From the first line to the last, copy the material word for word; pictures stay out.
===== Supplied records =====
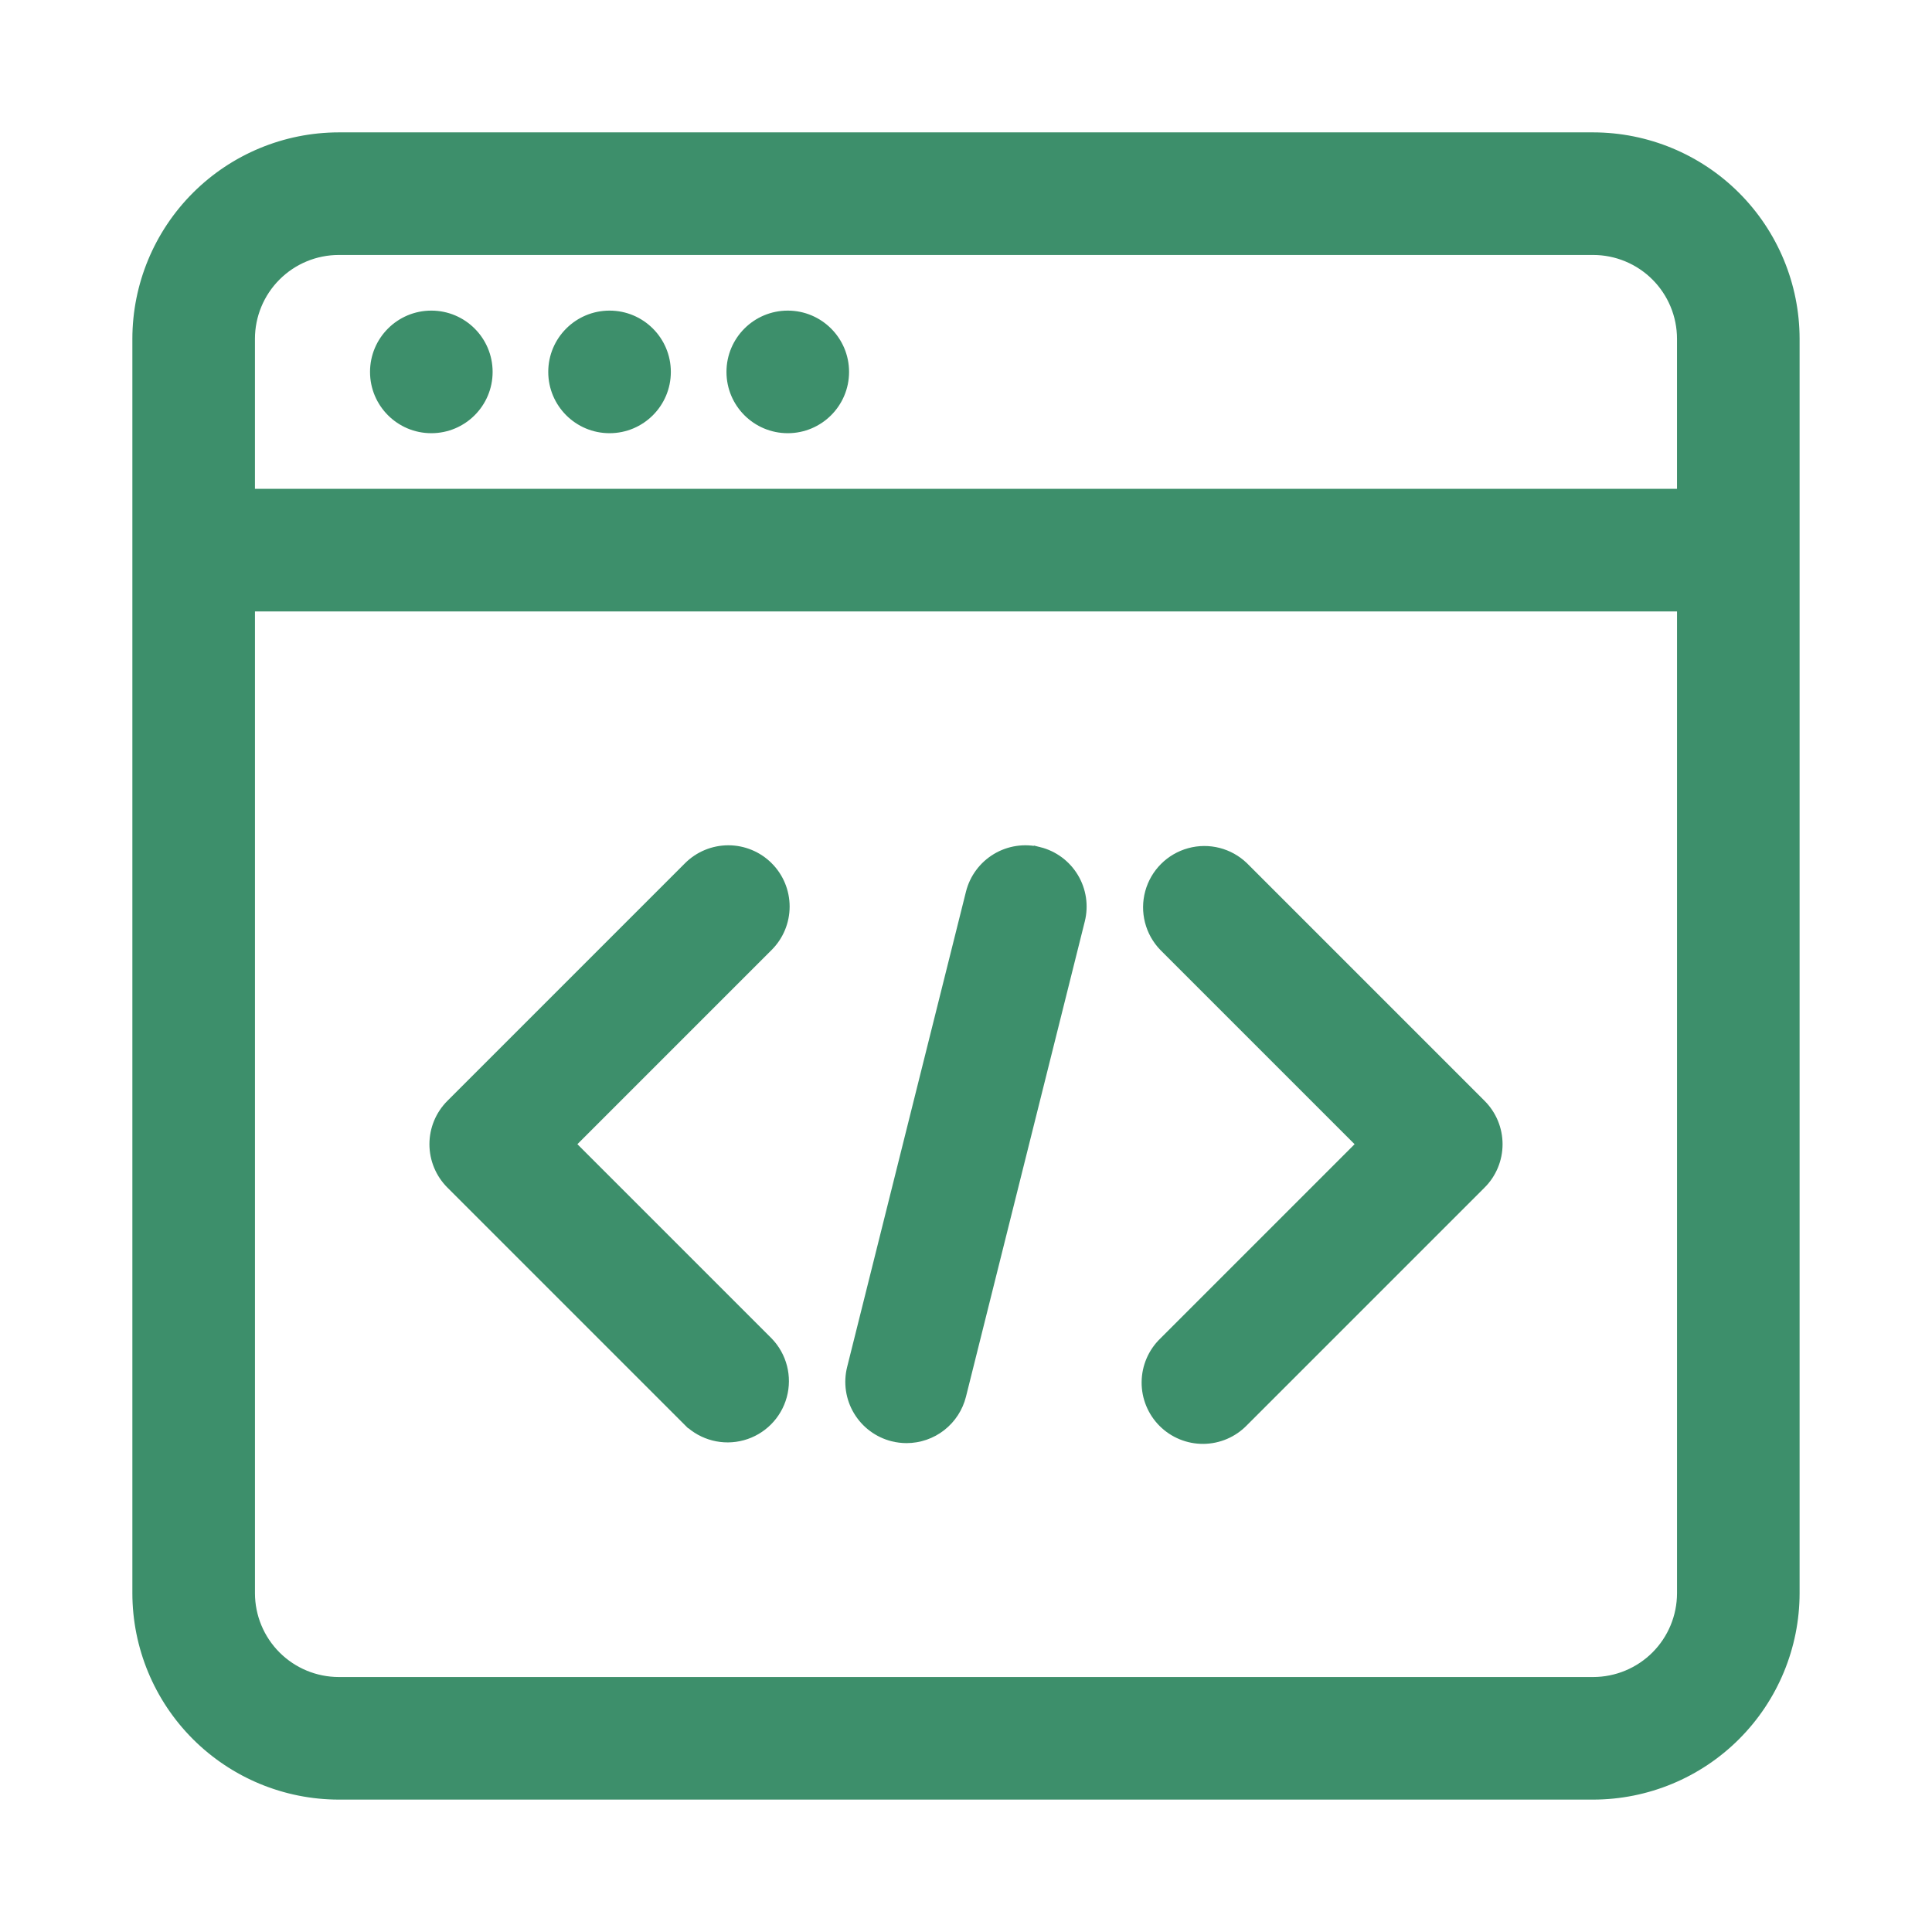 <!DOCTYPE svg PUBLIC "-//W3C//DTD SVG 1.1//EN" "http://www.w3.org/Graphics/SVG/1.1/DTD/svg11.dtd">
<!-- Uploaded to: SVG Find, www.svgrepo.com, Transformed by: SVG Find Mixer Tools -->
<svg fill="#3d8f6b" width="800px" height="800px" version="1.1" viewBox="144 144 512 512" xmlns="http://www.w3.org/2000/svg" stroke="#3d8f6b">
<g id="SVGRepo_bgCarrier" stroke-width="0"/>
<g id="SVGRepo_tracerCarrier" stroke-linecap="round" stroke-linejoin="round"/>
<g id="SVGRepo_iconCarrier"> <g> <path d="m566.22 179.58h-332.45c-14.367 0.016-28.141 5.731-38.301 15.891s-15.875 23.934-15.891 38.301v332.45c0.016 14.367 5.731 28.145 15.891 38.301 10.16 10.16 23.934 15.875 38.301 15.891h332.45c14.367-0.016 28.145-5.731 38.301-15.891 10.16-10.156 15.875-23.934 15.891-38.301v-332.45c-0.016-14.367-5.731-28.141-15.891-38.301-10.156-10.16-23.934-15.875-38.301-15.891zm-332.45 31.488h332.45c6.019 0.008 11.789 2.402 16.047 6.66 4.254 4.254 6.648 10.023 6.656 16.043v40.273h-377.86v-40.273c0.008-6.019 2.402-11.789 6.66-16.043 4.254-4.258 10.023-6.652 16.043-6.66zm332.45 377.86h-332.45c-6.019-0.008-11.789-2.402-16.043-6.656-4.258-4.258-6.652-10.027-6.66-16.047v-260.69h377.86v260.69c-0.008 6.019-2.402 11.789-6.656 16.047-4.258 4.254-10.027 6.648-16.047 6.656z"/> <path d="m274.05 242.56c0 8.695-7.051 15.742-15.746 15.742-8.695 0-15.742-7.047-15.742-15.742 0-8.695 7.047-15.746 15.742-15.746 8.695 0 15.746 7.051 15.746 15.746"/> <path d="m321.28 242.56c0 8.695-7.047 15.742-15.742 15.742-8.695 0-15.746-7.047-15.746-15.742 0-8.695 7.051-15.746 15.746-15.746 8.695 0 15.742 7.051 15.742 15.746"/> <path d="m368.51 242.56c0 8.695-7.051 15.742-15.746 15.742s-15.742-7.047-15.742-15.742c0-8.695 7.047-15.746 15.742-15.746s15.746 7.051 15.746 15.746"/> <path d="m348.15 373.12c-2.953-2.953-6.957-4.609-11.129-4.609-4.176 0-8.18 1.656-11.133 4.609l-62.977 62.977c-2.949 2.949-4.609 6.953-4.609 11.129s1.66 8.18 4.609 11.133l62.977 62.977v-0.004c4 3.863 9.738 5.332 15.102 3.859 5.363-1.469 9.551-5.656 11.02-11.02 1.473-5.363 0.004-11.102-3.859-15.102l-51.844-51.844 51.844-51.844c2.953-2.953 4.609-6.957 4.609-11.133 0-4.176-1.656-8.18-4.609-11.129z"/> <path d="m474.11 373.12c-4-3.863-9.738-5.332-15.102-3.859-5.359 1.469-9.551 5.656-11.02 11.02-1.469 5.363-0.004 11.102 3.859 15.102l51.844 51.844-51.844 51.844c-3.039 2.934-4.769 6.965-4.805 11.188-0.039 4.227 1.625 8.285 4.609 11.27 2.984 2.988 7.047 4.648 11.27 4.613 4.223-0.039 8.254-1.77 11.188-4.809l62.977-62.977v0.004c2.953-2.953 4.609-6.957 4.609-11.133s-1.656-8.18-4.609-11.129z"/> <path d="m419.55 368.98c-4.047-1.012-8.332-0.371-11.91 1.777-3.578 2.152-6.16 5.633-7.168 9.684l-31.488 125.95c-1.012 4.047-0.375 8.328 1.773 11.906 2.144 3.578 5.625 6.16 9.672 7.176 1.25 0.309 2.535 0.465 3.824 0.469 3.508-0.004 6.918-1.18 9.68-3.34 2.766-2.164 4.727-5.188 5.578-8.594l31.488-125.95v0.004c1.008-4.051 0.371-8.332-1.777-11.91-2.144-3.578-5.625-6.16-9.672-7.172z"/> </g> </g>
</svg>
=====
▸ Result of the task:
 <!DOCTYPE svg PUBLIC "-//W3C//DTD SVG 1.1//EN" "http://www.w3.org/Graphics/SVG/1.1/DTD/svg11.dtd">
<!-- Uploaded to: SVG Find, www.svgrepo.com, Transformed by: SVG Find Mixer Tools -->
<svg fill="#3d8f6b" width="800px" height="800px" version="1.1" viewBox="144 144 512 512" xmlns="http://www.w3.org/2000/svg" stroke="#3d8f6b">
<g id="SVGRepo_bgCarrier" stroke-width="0"/>
<g id="SVGRepo_tracerCarrier" stroke-linecap="round" stroke-linejoin="round"/>
<g id="SVGRepo_iconCarrier"> <g> <path d="m566.22 179.58h-332.45c-14.367 0.016-28.141 5.731-38.301 15.891s-15.875 23.934-15.891 38.301v332.45c0.016 14.367 5.731 28.145 15.891 38.301 10.16 10.16 23.934 15.875 38.301 15.891h332.45c14.367-0.016 28.145-5.731 38.301-15.891 10.16-10.156 15.875-23.934 15.891-38.301v-332.45c-0.016-14.367-5.731-28.141-15.891-38.301-10.156-10.16-23.934-15.875-38.301-15.891zm-332.45 31.488h332.45c6.019 0.008 11.789 2.402 16.047 6.66 4.254 4.254 6.648 10.023 6.656 16.043v40.273h-377.86v-40.273c0.008-6.019 2.402-11.789 6.66-16.043 4.254-4.258 10.023-6.652 16.043-6.66zm332.45 377.86h-332.45c-6.019-0.008-11.789-2.402-16.043-6.656-4.258-4.258-6.652-10.027-6.66-16.047v-260.69h377.86v260.69c-0.008 6.019-2.402 11.789-6.656 16.047-4.258 4.254-10.027 6.648-16.047 6.656z"/> <path d="m274.05 242.56c0 8.695-7.051 15.742-15.746 15.742-8.695 0-15.742-7.047-15.742-15.742 0-8.695 7.047-15.746 15.742-15.746 8.695 0 15.746 7.051 15.746 15.746"/> <path d="m321.28 242.56c0 8.695-7.047 15.742-15.742 15.742-8.695 0-15.746-7.047-15.746-15.742 0-8.695 7.051-15.746 15.746-15.746 8.695 0 15.742 7.051 15.742 15.746"/> <path d="m368.51 242.56c0 8.695-7.051 15.742-15.746 15.742s-15.742-7.047-15.742-15.742c0-8.695 7.047-15.746 15.742-15.746s15.746 7.051 15.746 15.746"/> <path d="m348.15 373.12c-2.953-2.953-6.957-4.609-11.129-4.609-4.176 0-8.18 1.656-11.133 4.609l-62.977 62.977c-2.949 2.949-4.609 6.953-4.609 11.129s1.66 8.18 4.609 11.133l62.977 62.977v-0.004c4 3.863 9.738 5.332 15.102 3.859 5.363-1.469 9.551-5.656 11.02-11.02 1.473-5.363 0.004-11.102-3.859-15.102l-51.844-51.844 51.844-51.844c2.953-2.953 4.609-6.957 4.609-11.133 0-4.176-1.656-8.18-4.609-11.129z"/> <path d="m474.11 373.12c-4-3.863-9.738-5.332-15.102-3.859-5.359 1.469-9.551 5.656-11.02 11.02-1.469 5.363-0.004 11.102 3.859 15.102l51.844 51.844-51.844 51.844c-3.039 2.934-4.769 6.965-4.805 11.188-0.039 4.227 1.625 8.285 4.609 11.27 2.984 2.988 7.047 4.648 11.27 4.613 4.223-0.039 8.254-1.77 11.188-4.809l62.977-62.977v0.004c2.953-2.953 4.609-6.957 4.609-11.133s-1.656-8.18-4.609-11.129z"/> <path d="m419.55 368.98c-4.047-1.012-8.332-0.371-11.91 1.777-3.578 2.152-6.16 5.633-7.168 9.684l-31.488 125.95c-1.012 4.047-0.375 8.328 1.773 11.906 2.144 3.578 5.625 6.16 9.672 7.176 1.25 0.309 2.535 0.465 3.824 0.469 3.508-0.004 6.918-1.18 9.68-3.34 2.766-2.164 4.727-5.188 5.578-8.594l31.488-125.95v0.004c1.008-4.051 0.371-8.332-1.777-11.91-2.144-3.578-5.625-6.16-9.672-7.172z"/> </g> </g>
</svg>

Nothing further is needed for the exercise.